Partout, il faut éliminer les paradis fiscaux. Il y a 37 paradis fiscaux de par le monde qui ont permis à LTCM et à tous les fonds d’investissements équivalents d’exister sans aucun contrôle. Il faut éliminer aussi toutes les « zones franches » qui se multiplient de par le monde. « Votre » pays n’a fait que multiplier les « zones franches » ces dernières années, ces zones où toute entreprise étrangère s’établissant est très peu taxée. La France est le deuxième grand pays au monde qui attire les investissement directs étrangers. Pourquoi Toyota a-t-il choisi Valenciennes ? Parce que les ouvriers de Valenciennes sont meilleurs que les ouvriers mexicains ? Ou parce que les Japonais aiment davantage la couleur des yeux des femmes de Valenciennes ? Non, mais parce que c’est là, à Valenciennes, que le taux de productivité de leur investissement est le plus élevé pour leurs actionnaires, parce que le taux de profit du capital est plus élevé. Et c’est parce que le gouvernement français a donné tout : « zone franche » et autres facilités.
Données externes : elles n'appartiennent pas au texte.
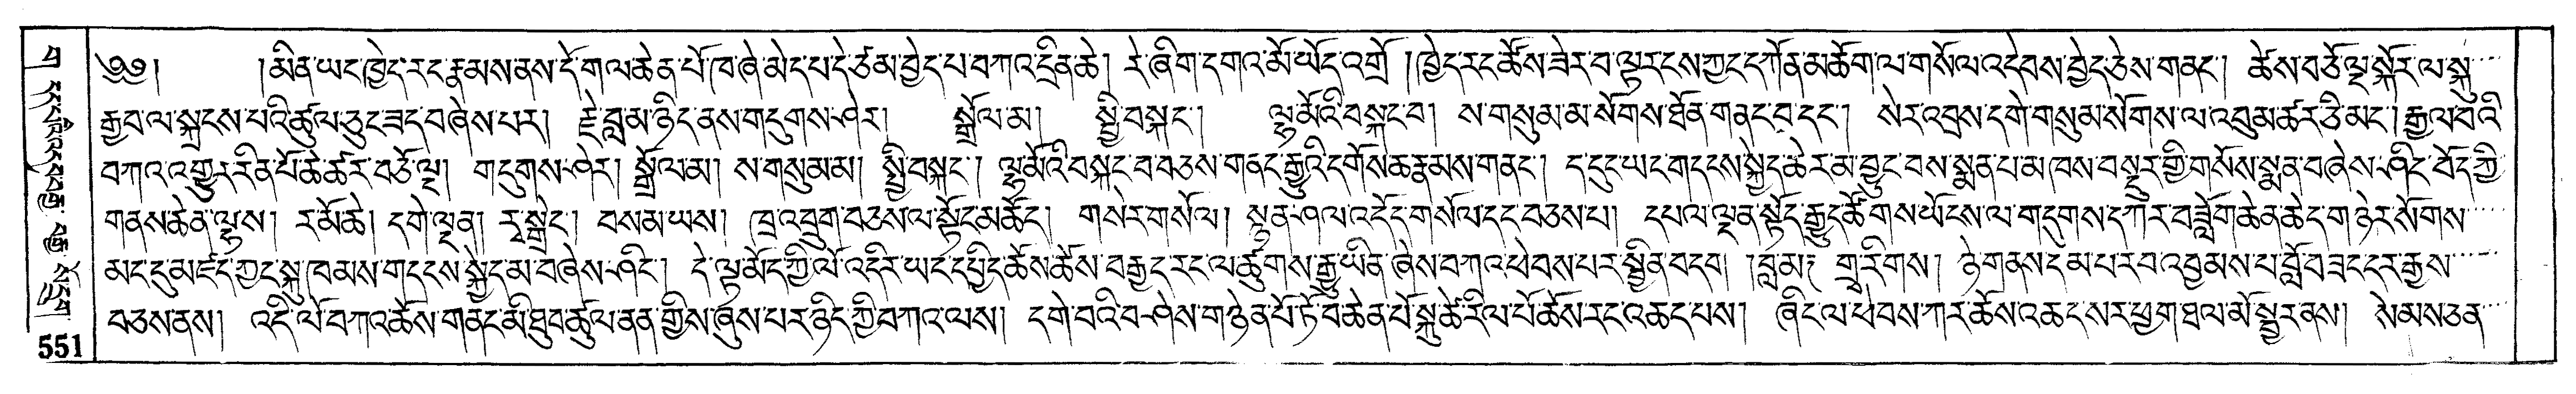༄༅། །མིན་ཡང་ཁྱེད་རང་རྣམས་ནས་དེ་གལ་ཆེན་པོ་ཁ་ཞེ་མེད་པ་དེ་ཙམ་བྱེད་པ་བཀའ་དྲིན་ཆེ། རེ་ཞིག་དགའ་མོ་ཡོང་འགྲོ་།ཁྱེད་རང་ཚོས་ཟེར་བ་ལྟར་ངས་ཀྱང་དཀོན་མཆོག་ལ་གསོལ་འདེབས་བྱེད་ཅེས་གནང་། ཚེས་བཅོ་ལྔ་སྐོར་ལ་སྐུ་
རྒྱབ་ལ་སྐྲངས་པའི་ཚུལ་ཅུང་ཟད་བཞེས་པར། རྗེ་བླ་མ་ཉིད་ནས་གདུགས་ཤེར། སྒྲོལ་མ། སྤྱི་བསྐང་། ལྷ་མོའི་བསྐང་བ། ས་གསུམ་མ་སོགས་ཐོན་གནང་བ་དང་། སེར་འབྲས་དགེ་གསུམ་སོགས་ལ་འབུམ་ཚར་ཅི་མང་། རྒྱལ་བའི་
བཀའ་འགྱུར་རིན་པོ་ཆེ་ཚར་བཅོ་ལྔ། གདུགས་ཤེར། སྒྲོལ་མ། ས་གསུམ་མ། སྤྱི་བསྐང་། ལྷ་མོའི་བསྐང་བ་བཅས་གནང་རྒྱུའི་དགོས་ཆ་རྣམས་གནང་། ད་དུང་ཡང་གདངས་སྐྱེད་ཆེར་མ་བྱུང་བས་སྨན་པ་མཁས་བསྡུར་གྱི་གསོས་སྨན་བཞེས་ཤིང་བོད་ཀྱི་
གནས་ཆེན་ལྷ་ས། ར་མོ་ཆེ། དགེ་ལྡན། རྭ་སྒྲེང་། བསམ་ཡས། ཁྲ་འབྲུག་བཅས་ལ་སྟོང་མཆོད། གསེར་གསོལ། སྙན་ཤལ་འདོད་གསོལ་དང་བཅས་པ། དཔལ་ལྡན་སྟོང་རྒྱུད་ཚོགས་ཡོངས་ལ་གདུགས་དཀར་བཟློག་ཆེན་ཆེད་གཉེར་སོགས་
མང་དུ་མཛད་ཀྱང་སྐུ་ཁམས་གདངས་སྐྱེད་མ་བཞེས་ཤིང་། དེ་ལྟ་མོད་ཀྱི་ལོ་འདིར་ཡང་དཔྱིད་ཆོས་ཚེས་བརྒྱད་རང་ལ་ཚུགས་རྒྱུ་ཡིན་ཞེས་བཀའ་ཕེབས་པར་སྦྱིན་བདག །བླ་མ། གྲྭ་རིགས། ཉེ་གནས་དམ་པ་རབ་འབྱམས་པ་བློ་བཟང་ངར་རྒྱས་
བཅས་ནས། འདི་ལོ་བཀའ་ཆོས་གནང་མི་ཐུབ་ཚུལ་ནན་གྱིས་ཞུས་པར་ཉིད་ཀྱི་བཀའ་ལས། དགེ་བའི་བཤེས་གཉེན་པོ་ཏོ་བ་ཆེན་པོ་སྐུ་ཚེ་རིལ་པོ་ཆོས་དང་འཆད་བས། ཞིང་ལ་ཕེབས་ཀར་ཆོས་འཆད་སར་ཕྱག་ཐལ་མོ་སྦྱར་ནས། སེམས་ཅན་

Donc, il faut éliminer les paradis fiscaux et les zones franches. Et finalement, il faut récupérer les contrôles nationaux de la monnaie. Après, comment faire tout ça ? On peut en débattre… J’espère que le débat me permettra de clarifier des choses que j’ai survolées à toute vitesse.

Alain DOBIGNY.

[1] Fonds de couverture, fonds d’arbitrage, ou même fonds de spéculation. Ce sont surtout des firmes d’investissement qui, pour le compte de particuliers (à plusieurs centaines de milliers de $ la mise initiale…), ou d’investisseurs institutionnels, font de la gestion spéculative ultra-sophistiquée. Elle ne sont soumises à aucune réglementation prudentielle, ni à aucune autorité de tutelle, ce qui leur permet de « jouer » des sommes sans rapport avec les fonds propres qu’ils détiennent. C’est donc – idéologiquement la seule « discipline du marché » qui est choisie, avec aussi la peur d’une fuite de capitaux vers les centre offshore, ou extraterritoriaux. Combien y en a-t-il ? 4000 ? Quels sont les montants qui y sont investis ? Quelque 200 milliards de $, contre 4 il y a 5 ans ! NDLR, d’après le Monde Diplomatique, nov.98, Ibrahim Wiarde.
[2] Programme des Nations Unies pour le Développement.
[3] Organisation des pays exportateurs de pétrole.
[4] Marché dans lequel il n’y a que très peu de vendeurs face à un très grand nombre d’acheteurs (à l’inverse de l’oligopsone).